[MATERIAL SHOWN]
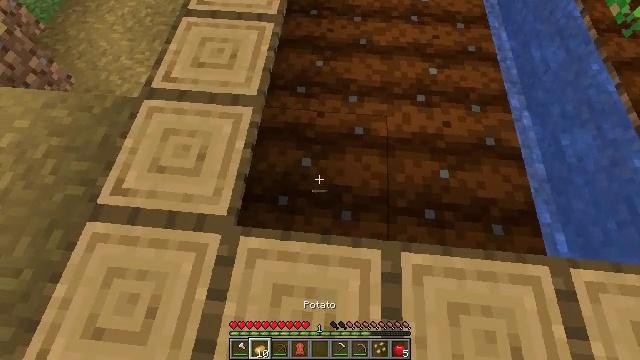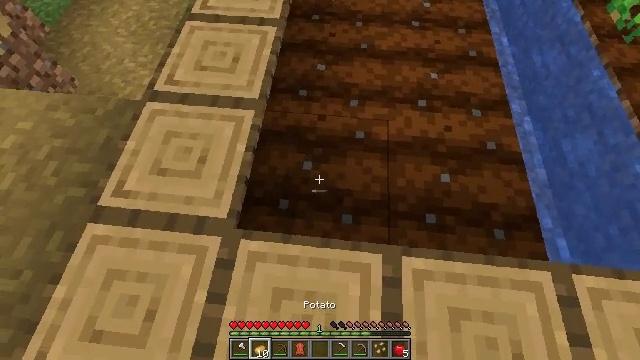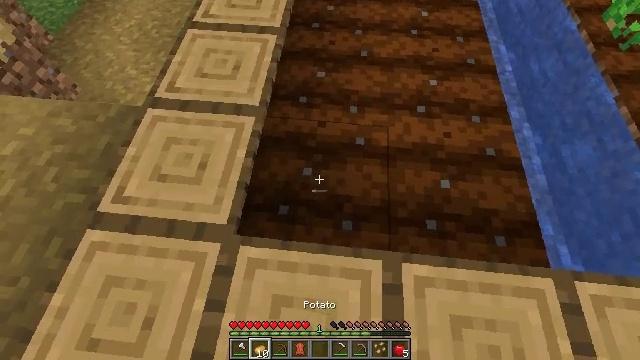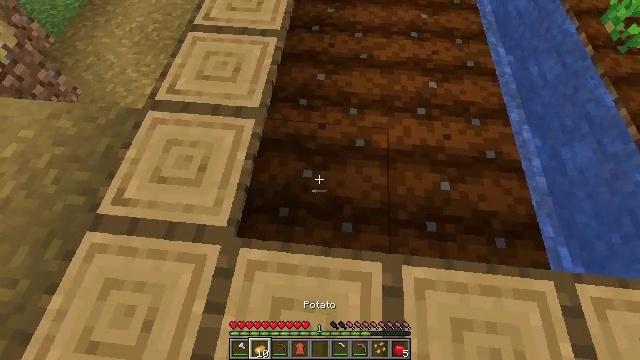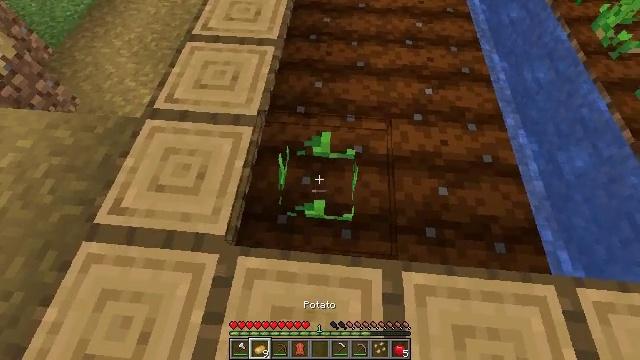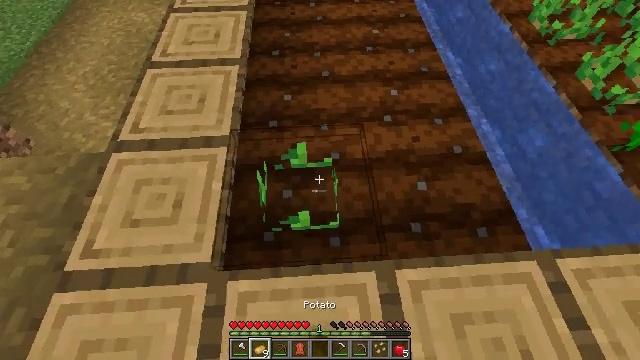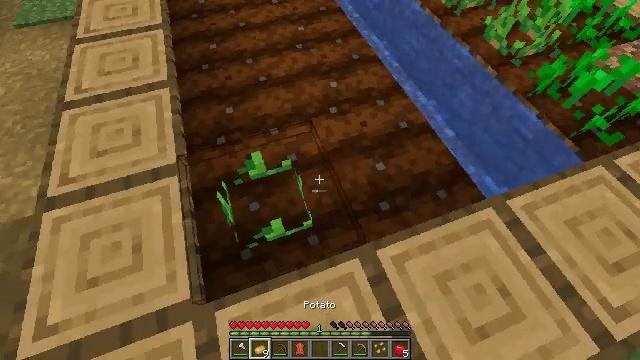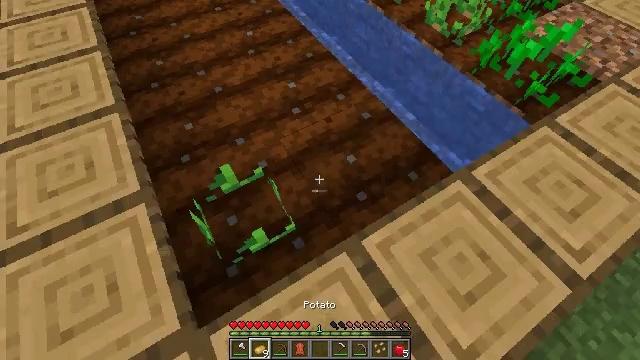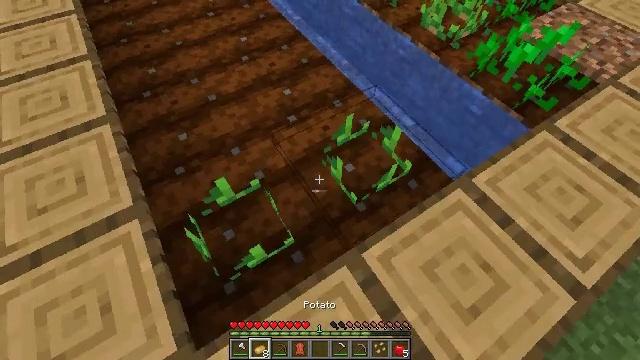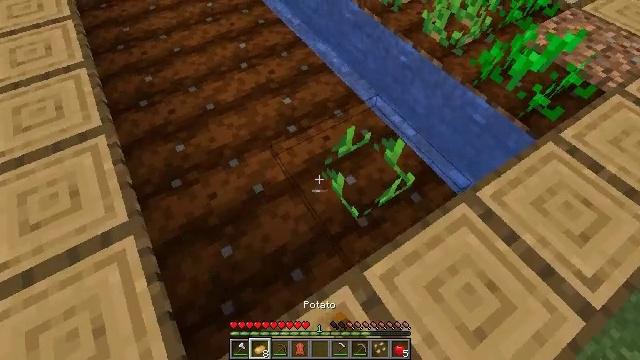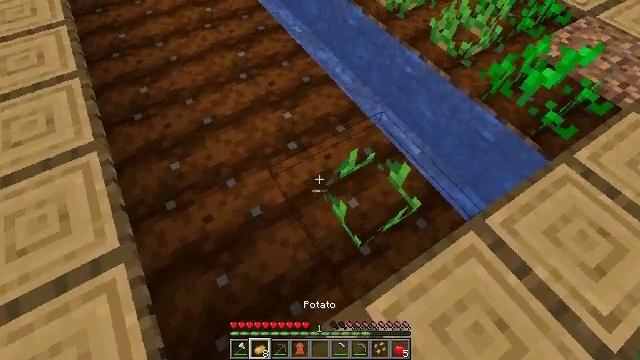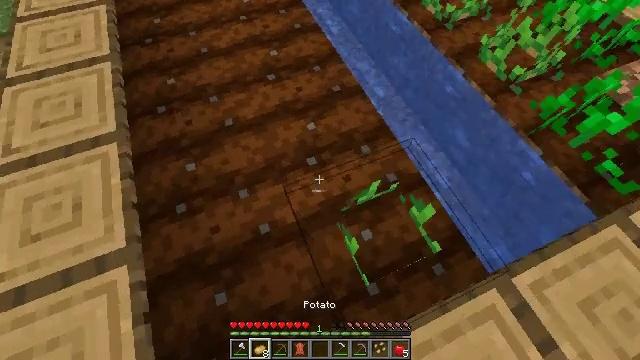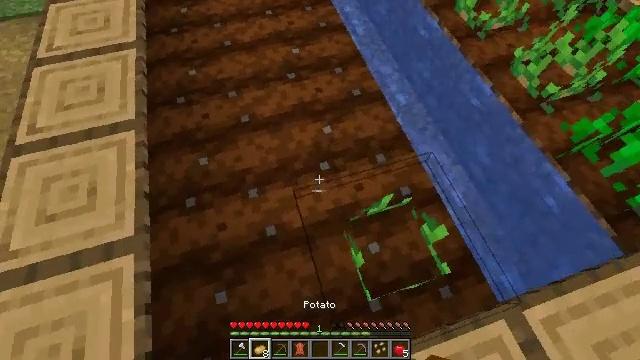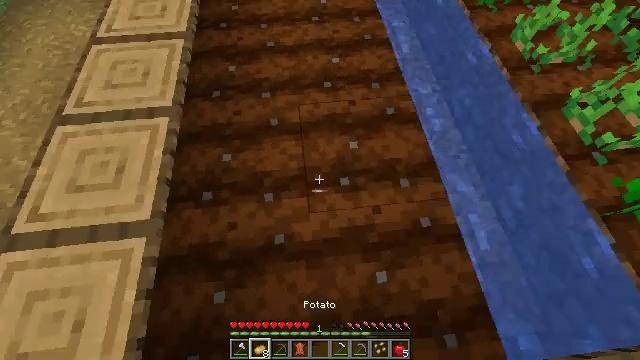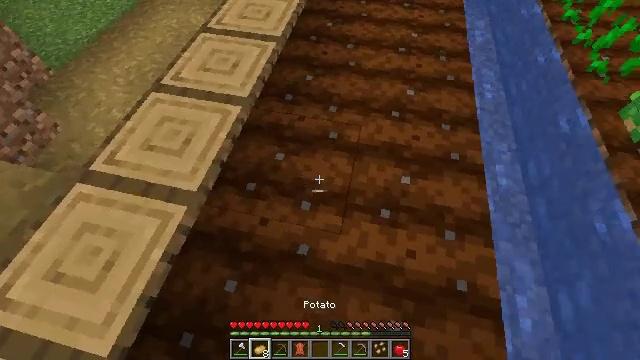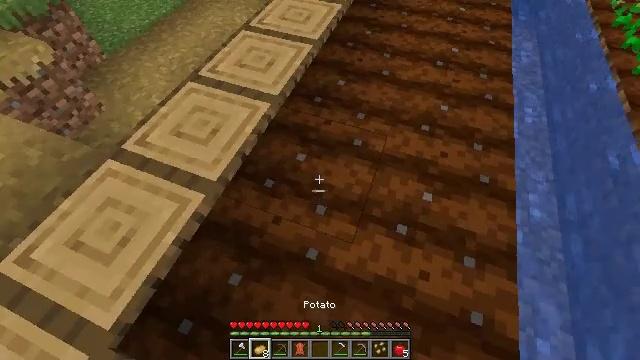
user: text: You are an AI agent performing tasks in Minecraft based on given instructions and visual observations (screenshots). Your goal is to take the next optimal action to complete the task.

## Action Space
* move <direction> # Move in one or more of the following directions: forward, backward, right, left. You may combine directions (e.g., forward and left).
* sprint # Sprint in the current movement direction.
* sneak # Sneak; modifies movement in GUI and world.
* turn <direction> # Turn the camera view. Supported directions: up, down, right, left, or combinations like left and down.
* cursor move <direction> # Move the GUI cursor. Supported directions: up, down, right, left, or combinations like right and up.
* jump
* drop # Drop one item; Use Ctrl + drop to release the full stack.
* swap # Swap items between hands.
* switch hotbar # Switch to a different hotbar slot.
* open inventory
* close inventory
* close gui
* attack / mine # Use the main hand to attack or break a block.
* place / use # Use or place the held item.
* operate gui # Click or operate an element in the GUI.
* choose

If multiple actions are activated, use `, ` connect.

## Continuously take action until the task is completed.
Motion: motion action
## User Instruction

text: Reclaim farmland by breaking it.
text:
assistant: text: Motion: no_op
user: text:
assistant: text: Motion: turn up
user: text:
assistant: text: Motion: no_op
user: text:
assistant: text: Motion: turn up, use / place
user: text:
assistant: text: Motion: turn right and up, use / place
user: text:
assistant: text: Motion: turn right, use / place
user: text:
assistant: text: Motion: turn right, use / place
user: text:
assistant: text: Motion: move forward, turn right, use / place
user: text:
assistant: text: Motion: move forward, use / place
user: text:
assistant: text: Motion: move forward, use / place
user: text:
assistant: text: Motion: move forward, turn left and down, use / place
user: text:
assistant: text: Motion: turn left, use / place
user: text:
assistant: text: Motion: turn left, use / place
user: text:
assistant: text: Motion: turn left and up, use / place
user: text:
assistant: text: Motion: turn left and up, use / place
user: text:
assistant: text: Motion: use / place
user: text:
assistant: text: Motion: turn left and down, use / place
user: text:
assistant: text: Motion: use / place
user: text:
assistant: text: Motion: turn right, use / place
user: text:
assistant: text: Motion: turn right, use / place
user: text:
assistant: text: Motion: turn right, use / place
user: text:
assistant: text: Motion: turn right and up, use / place
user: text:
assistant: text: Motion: use / place
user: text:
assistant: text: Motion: use / place
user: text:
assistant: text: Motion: no_op
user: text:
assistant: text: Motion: turn down
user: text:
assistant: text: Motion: turn down, use / place
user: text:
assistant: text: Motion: turn down, use / place
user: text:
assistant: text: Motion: turn down, use / place
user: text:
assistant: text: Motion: turn down

[PROBLEM DESCRIPTION]
Pictures must not appear in the copy, which must otherwise match the listing exactly.

[RESULT FOR THIS EXERCISE]
user: text: You are an AI agent performing tasks in Minecraft based on given instructions and visual observations (screenshots). Your goal is to take the next optimal action to complete the task.

## Action Space
* move <direction> # Move in one or more of the following directions: forward, backward, right, left. You may combine directions (e.g., forward and left).
* sprint # Sprint in the current movement direction.
* sneak # Sneak; modifies movement in GUI and world.
* turn <direction> # Turn the camera view. Supported directions: up, down, right, left, or combinations like left and down.
* cursor move <direction> # Move the GUI cursor. Supported directions: up, down, right, left, or combinations like right and up.
* jump
* drop # Drop one item; Use Ctrl + drop to release the full stack.
* swap # Swap items between hands.
* switch hotbar # Switch to a different hotbar slot.
* open inventory
* close inventory
* close gui
* attack / mine # Use the main hand to attack or break a block.
* place / use # Use or place the held item.
* operate gui # Click or operate an element in the GUI.
* choose

If multiple actions are activated, use `, ` connect.

## Continuously take action until the task is completed.
Motion: motion action
## User Instruction

text: Reclaim farmland by breaking it.
text:
assistant: text: Motion: no_op
user: text:
assistant: text: Motion: turn up
user: text:
assistant: text: Motion: no_op
user: text:
assistant: text: Motion: turn up, use / place
user: text:
assistant: text: Motion: turn right and up, use / place
user: text:
assistant: text: Motion: turn right, use / place
user: text:
assistant: text: Motion: turn right, use / place
user: text:
assistant: text: Motion: move forward, turn right, use / place
user: text:
assistant: text: Motion: move forward, use / place
user: text:
assistant: text: Motion: move forward, use / place
user: text:
assistant: text: Motion: move forward, turn left and down, use / place
user: text:
assistant: text: Motion: turn left, use / place
user: text:
assistant: text: Motion: turn left, use / place
user: text:
assistant: text: Motion: turn left and up, use / place
user: text:
assistant: text: Motion: turn left and up, use / place
user: text:
assistant: text: Motion: use / place
user: text:
assistant: text: Motion: turn left and down, use / place
user: text:
assistant: text: Motion: use / place
user: text:
assistant: text: Motion: turn right, use / place
user: text:
assistant: text: Motion: turn right, use / place
user: text:
assistant: text: Motion: turn right, use / place
user: text:
assistant: text: Motion: turn right and up, use / place
user: text:
assistant: text: Motion: use / place
user: text:
assistant: text: Motion: use / place
user: text:
assistant: text: Motion: no_op
user: text:
assistant: text: Motion: turn down
user: text:
assistant: text: Motion: turn down, use / place
user: text:
assistant: text: Motion: turn down, use / place
user: text:
assistant: text: Motion: turn down, use / place
user: text:
assistant: text: Motion: turn down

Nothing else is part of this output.